**What to do**: Make a verbatim copy of the entries below; pictures stay out.
[[ Data for analysis, beginning ]]
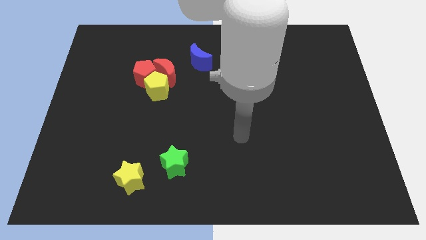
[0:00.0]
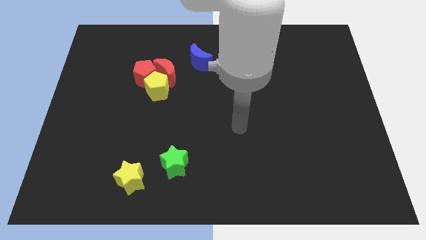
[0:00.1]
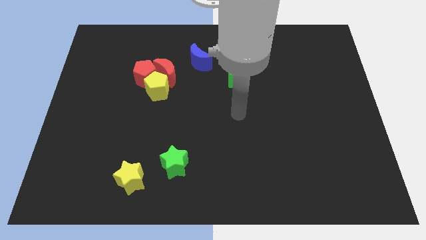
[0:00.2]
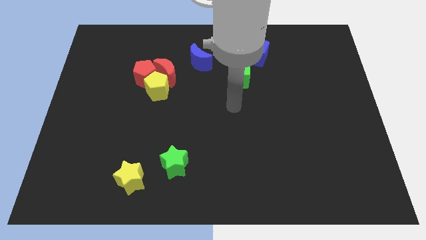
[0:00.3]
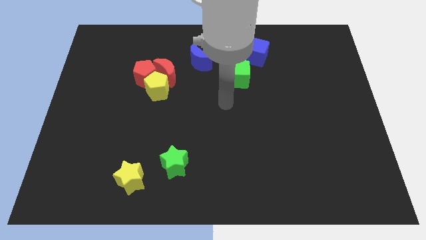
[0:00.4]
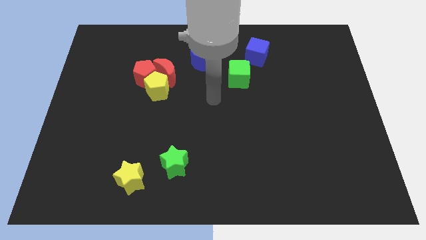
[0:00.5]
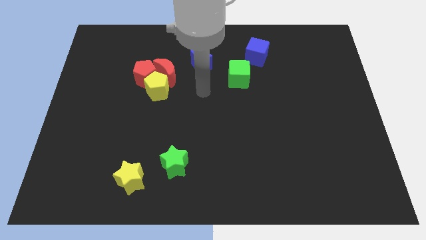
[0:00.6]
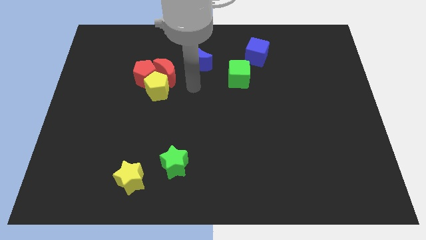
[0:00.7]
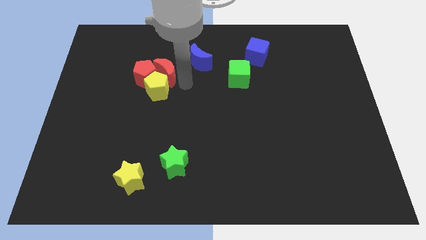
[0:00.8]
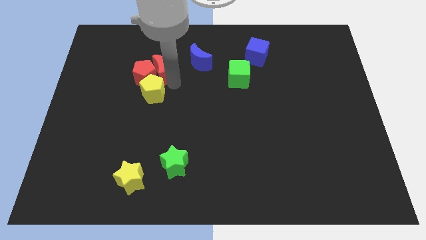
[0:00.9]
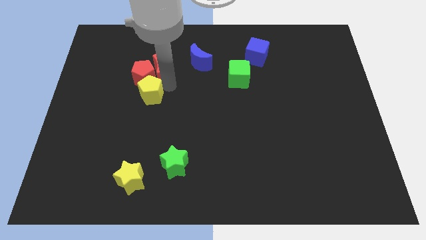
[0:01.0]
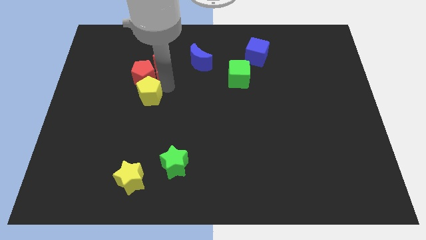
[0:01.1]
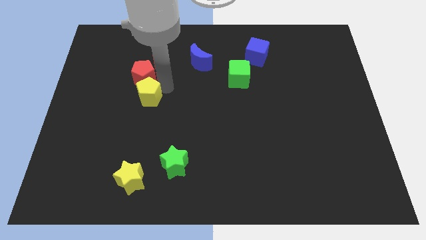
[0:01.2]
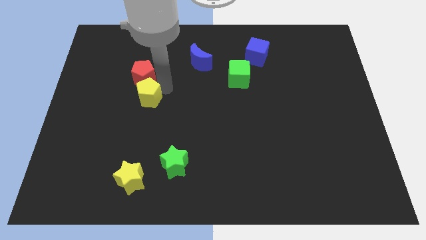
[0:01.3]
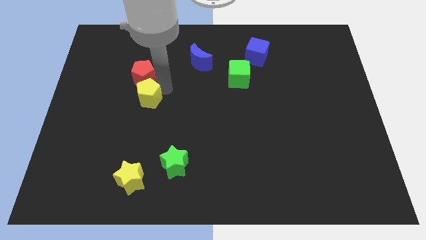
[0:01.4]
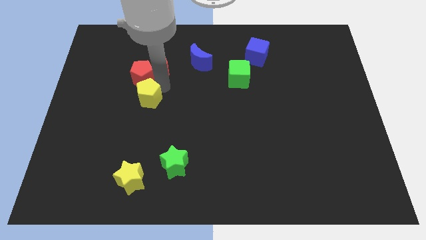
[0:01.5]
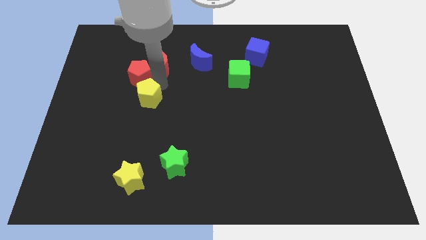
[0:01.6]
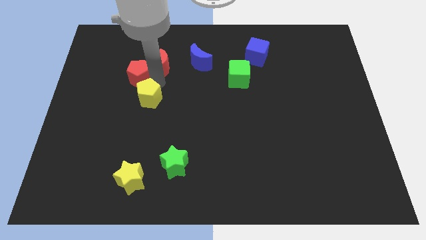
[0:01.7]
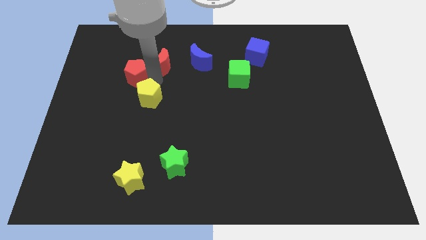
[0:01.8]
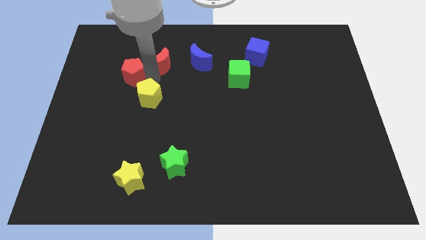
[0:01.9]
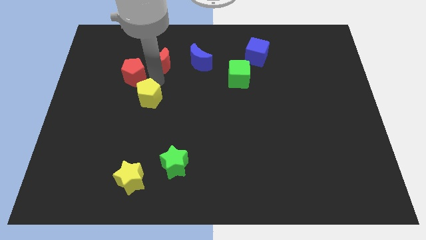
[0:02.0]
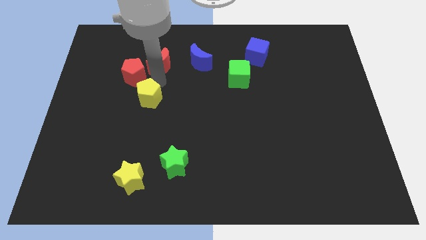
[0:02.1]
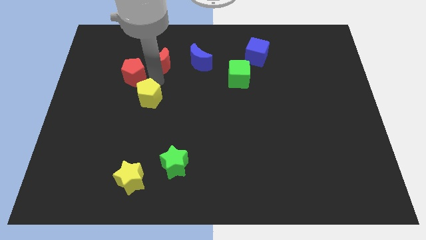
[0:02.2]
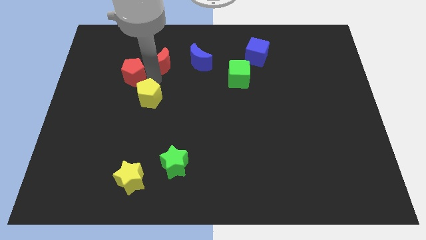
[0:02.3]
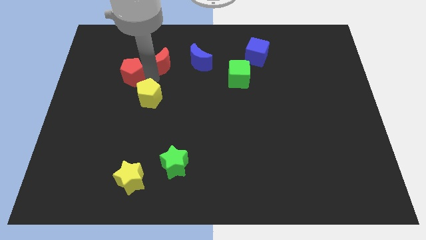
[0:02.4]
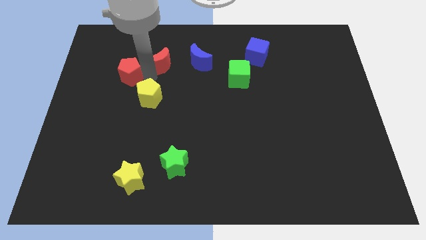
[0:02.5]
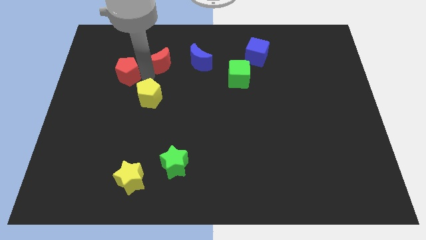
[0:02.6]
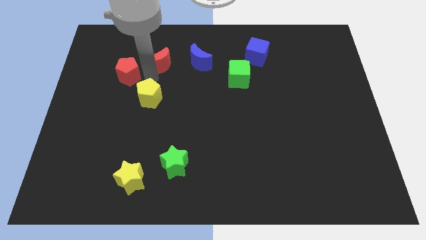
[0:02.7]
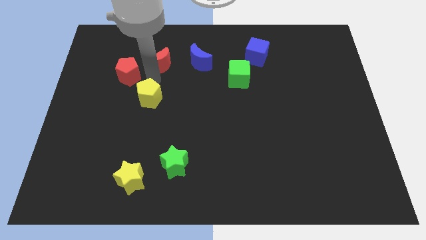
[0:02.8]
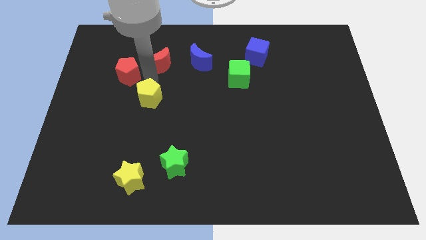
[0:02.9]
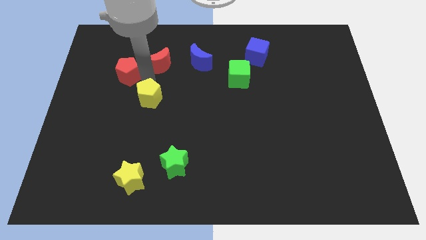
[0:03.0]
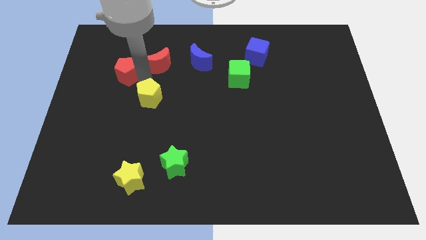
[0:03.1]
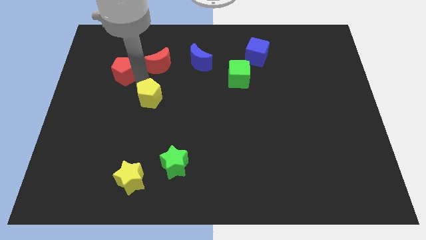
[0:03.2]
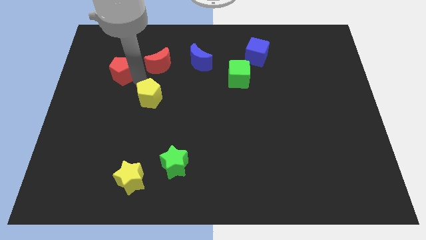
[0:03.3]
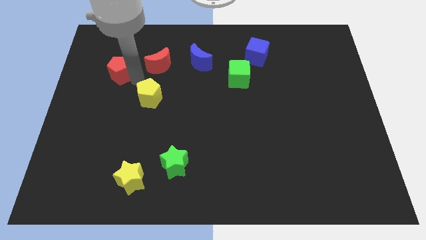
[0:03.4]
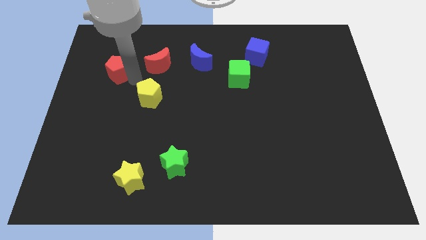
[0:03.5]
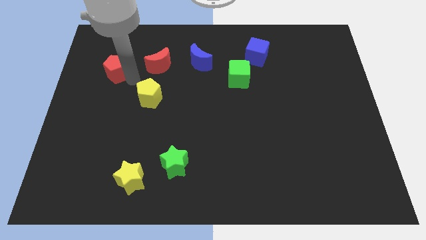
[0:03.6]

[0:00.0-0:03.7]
move the red pentagon away from the yellow pentagon and red moon
[[ Data for analysis, end ]]
**Written solution**:
[0:00.0]
[0:00.1]
[0:00.2]
[0:00.3]
[0:00.4]
[0:00.5]
[0:00.6]
[0:00.7]
[0:00.8]
[0:00.9]
[0:01.0]
[0:01.1]
[0:01.2]
[0:01.3]
[0:01.4]
[0:01.5]
[0:01.6]
[0:01.7]
[0:01.8]
[0:01.9]
[0:02.0]
[0:02.1]
[0:02.2]
[0:02.3]
[0:02.4]
[0:02.5]
[0:02.6]
[0:02.7]
[0:02.8]
[0:02.9]
[0:03.0]
[0:03.1]
[0:03.2]
[0:03.3]
[0:03.4]
[0:03.5]
[0:03.6]

[0:00.0-0:03.7]
move the red pentagon away from the yellow pentagon and red moon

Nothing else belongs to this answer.